### WORK REQUEST
Begin at the line containing "གྲངས་དང་མཉམ་པའ" in the records below, end at the line containing "མའི་སྦྱིན་སྲེག", and retype each line in that span exactly. No other line and no image should appear.

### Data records
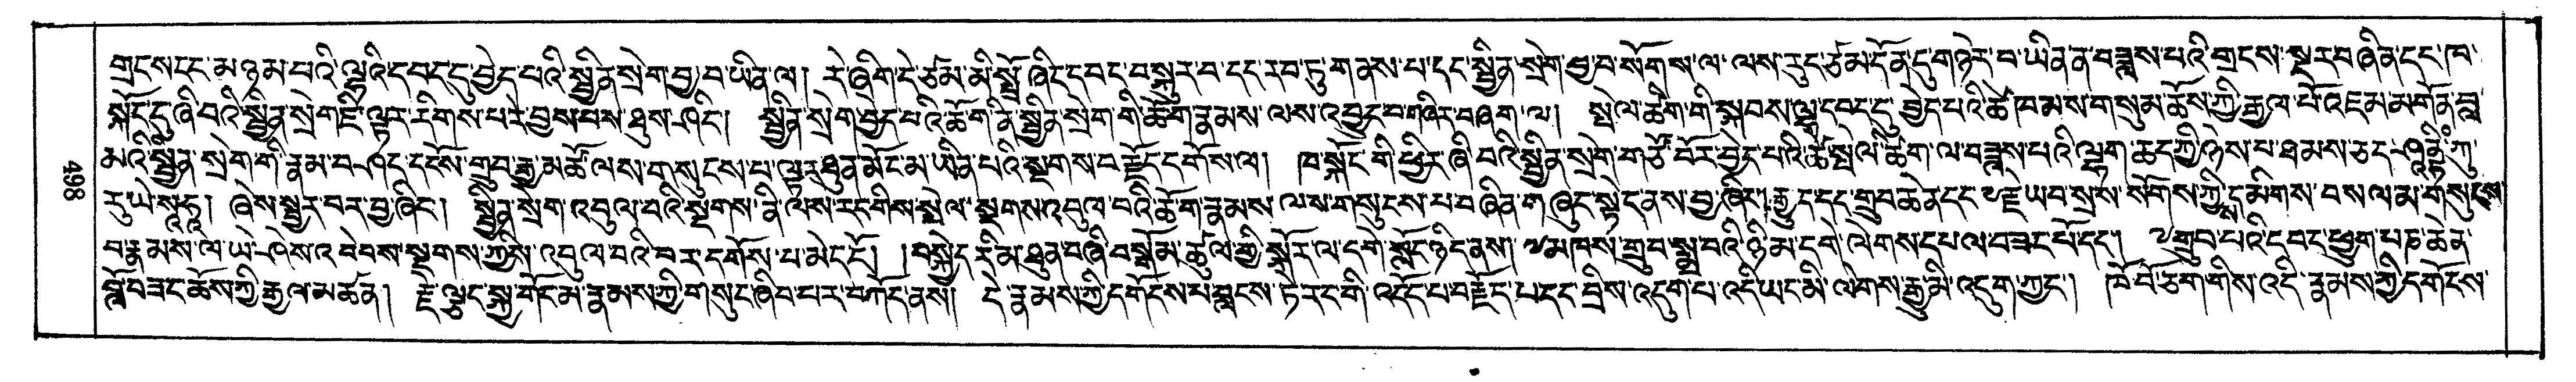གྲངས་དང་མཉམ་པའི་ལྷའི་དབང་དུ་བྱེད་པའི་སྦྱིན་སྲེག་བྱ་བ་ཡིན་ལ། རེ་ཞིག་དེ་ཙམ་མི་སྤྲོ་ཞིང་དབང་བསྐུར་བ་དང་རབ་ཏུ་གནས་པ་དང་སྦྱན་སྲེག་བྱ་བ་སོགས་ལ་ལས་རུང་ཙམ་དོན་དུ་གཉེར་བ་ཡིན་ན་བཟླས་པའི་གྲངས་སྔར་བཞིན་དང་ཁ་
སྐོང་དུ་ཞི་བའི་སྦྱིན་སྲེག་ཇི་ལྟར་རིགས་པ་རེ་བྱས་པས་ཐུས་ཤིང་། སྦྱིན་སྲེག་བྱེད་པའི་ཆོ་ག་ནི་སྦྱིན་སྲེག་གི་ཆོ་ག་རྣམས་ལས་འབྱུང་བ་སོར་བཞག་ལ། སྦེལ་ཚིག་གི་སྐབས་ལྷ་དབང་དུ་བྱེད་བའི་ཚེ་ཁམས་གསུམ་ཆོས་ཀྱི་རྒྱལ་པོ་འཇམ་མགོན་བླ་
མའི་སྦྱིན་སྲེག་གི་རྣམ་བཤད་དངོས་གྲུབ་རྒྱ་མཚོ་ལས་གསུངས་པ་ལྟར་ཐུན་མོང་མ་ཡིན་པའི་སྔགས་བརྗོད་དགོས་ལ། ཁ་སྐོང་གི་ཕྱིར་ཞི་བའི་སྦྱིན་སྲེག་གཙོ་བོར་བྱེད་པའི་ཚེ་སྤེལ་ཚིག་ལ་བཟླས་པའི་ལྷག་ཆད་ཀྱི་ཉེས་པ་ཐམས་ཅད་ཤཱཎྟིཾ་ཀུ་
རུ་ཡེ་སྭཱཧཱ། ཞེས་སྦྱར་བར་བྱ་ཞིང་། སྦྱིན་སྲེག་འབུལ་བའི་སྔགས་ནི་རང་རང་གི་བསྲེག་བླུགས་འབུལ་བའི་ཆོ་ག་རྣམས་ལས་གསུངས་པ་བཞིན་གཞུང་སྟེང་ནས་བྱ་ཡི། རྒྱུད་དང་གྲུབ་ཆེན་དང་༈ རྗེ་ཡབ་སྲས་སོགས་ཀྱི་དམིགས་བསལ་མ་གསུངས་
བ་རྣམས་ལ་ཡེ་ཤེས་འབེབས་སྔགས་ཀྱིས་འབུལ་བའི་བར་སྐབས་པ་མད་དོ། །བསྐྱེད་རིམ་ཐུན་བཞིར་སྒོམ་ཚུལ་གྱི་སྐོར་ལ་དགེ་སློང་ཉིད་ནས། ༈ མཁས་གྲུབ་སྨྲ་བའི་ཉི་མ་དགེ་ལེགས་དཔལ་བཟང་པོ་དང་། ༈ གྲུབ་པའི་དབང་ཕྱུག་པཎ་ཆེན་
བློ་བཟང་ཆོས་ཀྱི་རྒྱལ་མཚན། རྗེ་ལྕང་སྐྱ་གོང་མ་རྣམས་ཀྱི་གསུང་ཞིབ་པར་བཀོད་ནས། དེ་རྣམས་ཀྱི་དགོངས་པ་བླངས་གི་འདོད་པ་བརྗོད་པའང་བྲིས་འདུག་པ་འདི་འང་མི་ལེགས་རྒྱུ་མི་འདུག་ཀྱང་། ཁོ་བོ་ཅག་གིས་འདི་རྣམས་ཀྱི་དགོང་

---

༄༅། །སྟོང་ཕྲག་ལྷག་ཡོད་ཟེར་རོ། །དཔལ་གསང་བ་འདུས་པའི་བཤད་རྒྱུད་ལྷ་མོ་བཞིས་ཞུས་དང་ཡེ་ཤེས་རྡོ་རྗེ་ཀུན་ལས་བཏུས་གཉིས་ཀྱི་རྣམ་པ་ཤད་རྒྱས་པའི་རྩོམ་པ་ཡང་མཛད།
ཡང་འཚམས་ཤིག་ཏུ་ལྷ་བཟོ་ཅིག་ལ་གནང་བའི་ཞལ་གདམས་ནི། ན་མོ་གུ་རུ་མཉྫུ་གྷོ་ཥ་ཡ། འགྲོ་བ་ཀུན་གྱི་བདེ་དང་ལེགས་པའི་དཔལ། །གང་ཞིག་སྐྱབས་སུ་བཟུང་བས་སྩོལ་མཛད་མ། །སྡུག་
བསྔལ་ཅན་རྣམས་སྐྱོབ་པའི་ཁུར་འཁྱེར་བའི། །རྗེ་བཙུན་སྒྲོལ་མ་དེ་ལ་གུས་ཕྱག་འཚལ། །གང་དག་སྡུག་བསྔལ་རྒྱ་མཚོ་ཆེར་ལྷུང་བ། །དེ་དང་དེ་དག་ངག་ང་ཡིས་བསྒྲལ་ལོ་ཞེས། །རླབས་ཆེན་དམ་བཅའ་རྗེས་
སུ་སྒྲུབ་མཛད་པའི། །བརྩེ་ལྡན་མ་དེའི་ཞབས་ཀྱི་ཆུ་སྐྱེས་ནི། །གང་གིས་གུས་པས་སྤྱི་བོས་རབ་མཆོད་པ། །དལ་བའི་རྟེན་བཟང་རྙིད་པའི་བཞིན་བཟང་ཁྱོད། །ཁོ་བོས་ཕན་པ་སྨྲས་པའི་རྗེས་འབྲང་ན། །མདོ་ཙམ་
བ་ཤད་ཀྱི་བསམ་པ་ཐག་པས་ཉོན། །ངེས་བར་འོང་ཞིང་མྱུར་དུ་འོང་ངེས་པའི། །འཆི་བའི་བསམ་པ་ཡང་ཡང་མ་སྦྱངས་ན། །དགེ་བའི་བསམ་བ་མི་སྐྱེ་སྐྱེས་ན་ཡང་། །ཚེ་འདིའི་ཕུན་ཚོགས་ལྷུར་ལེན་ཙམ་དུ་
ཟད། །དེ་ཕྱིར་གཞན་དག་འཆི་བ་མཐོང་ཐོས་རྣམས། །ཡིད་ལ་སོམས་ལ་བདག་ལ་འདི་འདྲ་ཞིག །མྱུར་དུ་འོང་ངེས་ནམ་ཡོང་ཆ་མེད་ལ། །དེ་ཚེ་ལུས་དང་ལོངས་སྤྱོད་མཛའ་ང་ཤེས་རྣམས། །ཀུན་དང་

### EXPECTED OUTPUT
གྲངས་དང་མཉམ་པའི་ལྷའི་དབང་དུ་བྱེད་པའི་སྦྱིན་སྲེག་བྱ་བ་ཡིན་ལ། རེ་ཞིག་དེ་ཙམ་མི་སྤྲོ་ཞིང་དབང་བསྐུར་བ་དང་རབ་ཏུ་གནས་པ་དང་སྦྱན་སྲེག་བྱ་བ་སོགས་ལ་ལས་རུང་ཙམ་དོན་དུ་གཉེར་བ་ཡིན་ན་བཟླས་པའི་གྲངས་སྔར་བཞིན་དང་ཁ་
སྐོང་དུ་ཞི་བའི་སྦྱིན་སྲེག་ཇི་ལྟར་རིགས་པ་རེ་བྱས་པས་ཐུས་ཤིང་། སྦྱིན་སྲེག་བྱེད་པའི་ཆོ་ག་ནི་སྦྱིན་སྲེག་གི་ཆོ་ག་རྣམས་ལས་འབྱུང་བ་སོར་བཞག་ལ། སྦེལ་ཚིག་གི་སྐབས་ལྷ་དབང་དུ་བྱེད་བའི་ཚེ་ཁམས་གསུམ་ཆོས་ཀྱི་རྒྱལ་པོ་འཇམ་མགོན་བླ་
མའི་སྦྱིན་སྲེག་གི་རྣམ་བཤད་དངོས་གྲུབ་རྒྱ་མཚོ་ལས་གསུངས་པ་ལྟར་ཐུན་མོང་མ་ཡིན་པའི་སྔགས་བརྗོད་དགོས་ལ། ཁ་སྐོང་གི་ཕྱིར་ཞི་བའི་སྦྱིན་སྲེག་གཙོ་བོར་བྱེད་པའི་ཚེ་སྤེལ་ཚིག་ལ་བཟླས་པའི་ལྷག་ཆད་ཀྱི་ཉེས་པ་ཐམས་ཅད་ཤཱཎྟིཾ་ཀུ་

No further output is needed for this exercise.